◆ Your task ◆
The copy you produce must hold every record exactly, and none of the images.

◆ Supplied data ◆
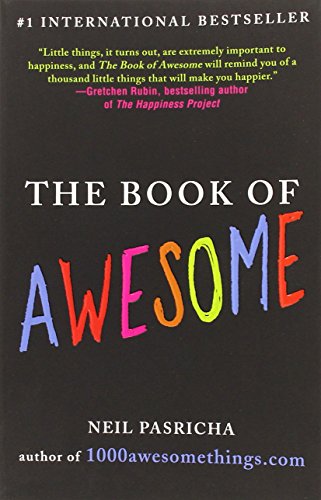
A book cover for The Book of Awesome; Neil Pasricha; Humor & Entertainment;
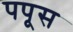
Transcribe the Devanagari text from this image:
पपूस
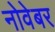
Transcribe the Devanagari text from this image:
नोवेबर
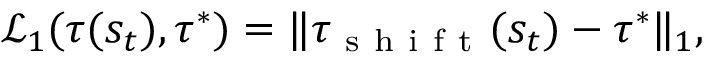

◆ Answer to the exercise ◆
A book cover for The Book of Awesome; Neil Pasricha; Humor & Entertainment;
Transcribe the Devanagari text from this image:
पपूस
Transcribe the Devanagari text from this image:
नोवेबर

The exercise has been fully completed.